──────── Data for review ────────
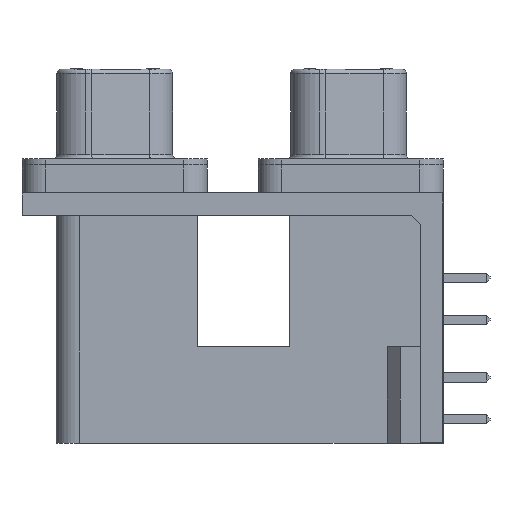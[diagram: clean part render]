
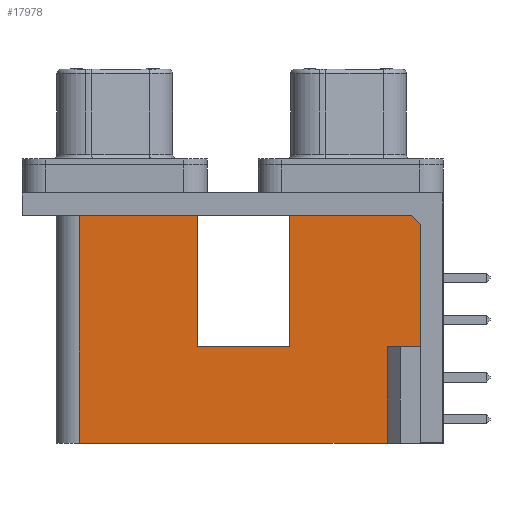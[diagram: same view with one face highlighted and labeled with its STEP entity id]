
A CAD part, left-side view. The second image highlights one B-rep face of the part: STEP entity #17978.
In plain terms, the highlighted planar face has unit normal (-1, 0, 0).
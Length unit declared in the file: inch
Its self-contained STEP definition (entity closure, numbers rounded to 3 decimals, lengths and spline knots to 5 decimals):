
#3 = CARTESIAN_POINT ( 'NONE',  ( 0.2595, -0.631, 0.70833 ) ) ;
#87 = VERTEX_POINT ( 'NONE', #15845 ) ;
#129 = EDGE_CURVE ( 'NONE', #18888, #17860, #12068, .T. ) ;
#315 = DIRECTION ( 'NONE',  ( 0., 0., -1. ) ) ;
#515 = CARTESIAN_POINT ( 'NONE',  ( 0.2595, -0.481, -0.34701 ) ) ;
#669 = CARTESIAN_POINT ( 'NONE',  ( 0.2595, 0.3415, -0.76 ) ) ;
#697 = VERTEX_POINT ( 'NONE', #1210 ) ;
#861 = VECTOR ( 'NONE', #4426, 39.37008 ) ;
#895 = VECTOR ( 'NONE', #13453, 39.37008 ) ;
#1210 = CARTESIAN_POINT ( 'NONE',  ( 0.2595, -0.631, -0.09 ) ) ;
#1420 = EDGE_CURVE ( 'NONE', #8769, #11953, #8212, .T. ) ;
#1748 = PLANE ( 'NONE',  #14571 ) ;
#2059 = VECTOR ( 'NONE', #15856, 39.37008 ) ;
#2284 = CARTESIAN_POINT ( 'NONE',  ( 0.2595, 0.404, -0.09 ) ) ;
#2475 = DIRECTION ( 'NONE',  ( 0., 0., -1. ) ) ;
#2866 = DIRECTION ( 'NONE',  ( 0., 0., -1. ) ) ;
#2922 = CARTESIAN_POINT ( 'NONE',  ( 0.2595, -0.631, -0.502 ) ) ;
#3077 = VECTOR ( 'NONE', #16512, 39.37008 ) ;
#3263 = CARTESIAN_POINT ( 'NONE',  ( 0.2595, -0.221, 0.70833 ) ) ;
#3534 = LINE ( 'NONE', #3, #3077 ) ;
#3663 = ORIENTED_EDGE ( 'NONE', *, *, #1420, .T. ) ;
#3691 = EDGE_CURVE ( 'NONE', #12449, #5354, #3692, .T. ) ;
#3692 = LINE ( 'NONE', #3263, #7753 ) ;
#3889 = EDGE_CURVE ( 'NONE', #5354, #17860, #12416, .T. ) ;
#4184 = VECTOR ( 'NONE', #2866, 39.37008 ) ;
#4218 = EDGE_CURVE ( 'NONE', #18865, #87, #7245, .T. ) ;
#4347 = ORIENTED_EDGE ( 'NONE', *, *, #5466, .F. ) ;
#4426 = DIRECTION ( 'NONE',  ( 0., -1., 0. ) ) ;
#5327 = VECTOR ( 'NONE', #17738, 39.37008 ) ;
#5354 = VERTEX_POINT ( 'NONE', #13787 ) ;
#5466 = EDGE_CURVE ( 'NONE', #18865, #10652, #16252, .T. ) ;
#5710 = CARTESIAN_POINT ( 'NONE',  ( 0.2595, 0.404, -0.76 ) ) ;
#6089 = LINE ( 'NONE', #2284, #2059 ) ;
#6269 = EDGE_LOOP ( 'NONE', ( #14798, #3663, #18179, #4347, #17209, #15286, #8847, #9969, #13698, #18845 ) ) ;
#6297 = VECTOR ( 'NONE', #18683, 39.37008 ) ;
#6564 = DIRECTION ( 'NONE',  ( 0., 0., -1. ) ) ;
#7245 = LINE ( 'NONE', #9705, #6297 ) ;
#7308 = EDGE_CURVE ( 'NONE', #8769, #18888, #6089, .T. ) ;
#7753 = VECTOR ( 'NONE', #12281, 39.37008 ) ;
#7865 = EDGE_CURVE ( 'NONE', #11953, #10652, #9349, .T. ) ;
#8212 = LINE ( 'NONE', #17884, #4184 ) ;
#8769 = VERTEX_POINT ( 'NONE', #16138 ) ;
#8847 = ORIENTED_EDGE ( 'NONE', *, *, #12280, .F. ) ;
#8975 = FACE_OUTER_BOUND ( 'NONE', #6269, .T. ) ;
#9316 = EDGE_CURVE ( 'NONE', #697, #87, #3534, .T. ) ;
#9329 = DIRECTION ( 'NONE',  ( 1., 0., 0. ) ) ;
#9347 = LINE ( 'NONE', #14951, #861 ) ;
#9349 = LINE ( 'NONE', #5710, #5327 ) ;
#9705 = CARTESIAN_POINT ( 'NONE',  ( 0.2595, -0.631, -0.502 ) ) ;
#9969 = ORIENTED_EDGE ( 'NONE', *, *, #3691, .T. ) ;
#10590 = CARTESIAN_POINT ( 'NONE',  ( 0.2595, -0.481, -0.76 ) ) ;
#10652 = VERTEX_POINT ( 'NONE', #10590 ) ;
#11902 = CARTESIAN_POINT ( 'NONE',  ( 0.2595, 0.025, -0.09 ) ) ;
#11953 = VERTEX_POINT ( 'NONE', #669 ) ;
#12068 = LINE ( 'NONE', #18967, #18183 ) ;
#12237 = VECTOR ( 'NONE', #6564, 39.37008 ) ;
#12280 = EDGE_CURVE ( 'NONE', #12449, #697, #9347, .T. ) ;
#12281 = DIRECTION ( 'NONE',  ( 0., 0., -1. ) ) ;
#12416 = LINE ( 'NONE', #2922, #895 ) ;
#12449 = VERTEX_POINT ( 'NONE', #18599 ) ;
#13448 = CARTESIAN_POINT ( 'NONE',  ( 0.2595, 0.025, -0.502 ) ) ;
#13453 = DIRECTION ( 'NONE',  ( 0., 1., 0. ) ) ;
#13698 = ORIENTED_EDGE ( 'NONE', *, *, #3889, .T. ) ;
#13787 = CARTESIAN_POINT ( 'NONE',  ( 0.2595, -0.221, -0.502 ) ) ;
#14571 = AXIS2_PLACEMENT_3D ( 'NONE', #18309, #9329, #315 ) ;
#14798 = ORIENTED_EDGE ( 'NONE', *, *, #7308, .F. ) ;
#14951 = CARTESIAN_POINT ( 'NONE',  ( 0.2595, -0.631, -0.09 ) ) ;
#15286 = ORIENTED_EDGE ( 'NONE', *, *, #9316, .F. ) ;
#15845 = CARTESIAN_POINT ( 'NONE',  ( 0.2595, -0.631, -0.502 ) ) ;
#15856 = DIRECTION ( 'NONE',  ( 0., -1., 0. ) ) ;
#16138 = CARTESIAN_POINT ( 'NONE',  ( 0.2595, 0.3415, -0.09 ) ) ;
#16252 = LINE ( 'NONE', #515, #12237 ) ;
#16512 = DIRECTION ( 'NONE',  ( 0., 0., -1. ) ) ;
#17209 = ORIENTED_EDGE ( 'NONE', *, *, #4218, .T. ) ;
#17738 = DIRECTION ( 'NONE',  ( 0., -1., 0. ) ) ;
#17860 = VERTEX_POINT ( 'NONE', #13448 ) ;
#17884 = CARTESIAN_POINT ( 'NONE',  ( 0.2595, 0.3415, 0.39016 ) ) ;
#17978 = ADVANCED_FACE ( 'NONE', ( #8975 ), #1748, .F. ) ;
#18179 = ORIENTED_EDGE ( 'NONE', *, *, #7865, .T. ) ;
#18183 = VECTOR ( 'NONE', #2475, 39.37008 ) ;
#18309 = CARTESIAN_POINT ( 'NONE',  ( 0.2595, 0.404, 0.39016 ) ) ;
#18599 = CARTESIAN_POINT ( 'NONE',  ( 0.2595, -0.221, -0.09 ) ) ;
#18683 = DIRECTION ( 'NONE',  ( 0., -1., 0. ) ) ;
#18845 = ORIENTED_EDGE ( 'NONE', *, *, #129, .F. ) ;
#18865 = VERTEX_POINT ( 'NONE', #19319 ) ;
#18888 = VERTEX_POINT ( 'NONE', #11902 ) ;
#18967 = CARTESIAN_POINT ( 'NONE',  ( 0.2595, 0.025, -0.76 ) ) ;
#19319 = CARTESIAN_POINT ( 'NONE',  ( 0.2595, -0.481, -0.502 ) ) ;
────────
From the records above, reproduce exactly the lines from the one with "#3077 = VECTOR ( 'NONE', #16512, 39.37008 ) ;" to the one with "#7308 = EDGE_CURVE", both included, and no others.

#3077 = VECTOR ( 'NONE', #16512, 39.37008 ) ;
#3263 = CARTESIAN_POINT ( 'NONE',  ( 0.2595, -0.221, 0.70833 ) ) ;
#3534 = LINE ( 'NONE', #3, #3077 ) ;
#3663 = ORIENTED_EDGE ( 'NONE', *, *, #1420, .T. ) ;
#3691 = EDGE_CURVE ( 'NONE', #12449, #5354, #3692, .T. ) ;
#3692 = LINE ( 'NONE', #3263, #7753 ) ;
#3889 = EDGE_CURVE ( 'NONE', #5354, #17860, #12416, .T. ) ;
#4184 = VECTOR ( 'NONE', #2866, 39.37008 ) ;
#4218 = EDGE_CURVE ( 'NONE', #18865, #87, #7245, .T. ) ;
#4347 = ORIENTED_EDGE ( 'NONE', *, *, #5466, .F. ) ;
#4426 = DIRECTION ( 'NONE',  ( 0., -1., 0. ) ) ;
#5327 = VECTOR ( 'NONE', #17738, 39.37008 ) ;
#5354 = VERTEX_POINT ( 'NONE', #13787 ) ;
#5466 = EDGE_CURVE ( 'NONE', #18865, #10652, #16252, .T. ) ;
#5710 = CARTESIAN_POINT ( 'NONE',  ( 0.2595, 0.404, -0.76 ) ) ;
#6089 = LINE ( 'NONE', #2284, #2059 ) ;
#6269 = EDGE_LOOP ( 'NONE', ( #14798, #3663, #18179, #4347, #17209, #15286, #8847, #9969, #13698, #18845 ) ) ;
#6297 = VECTOR ( 'NONE', #18683, 39.37008 ) ;
#6564 = DIRECTION ( 'NONE',  ( 0., 0., -1. ) ) ;
#7245 = LINE ( 'NONE', #9705, #6297 ) ;
#7308 = EDGE_CURVE ( 'NONE', #8769, #18888, #6089, .T. ) ;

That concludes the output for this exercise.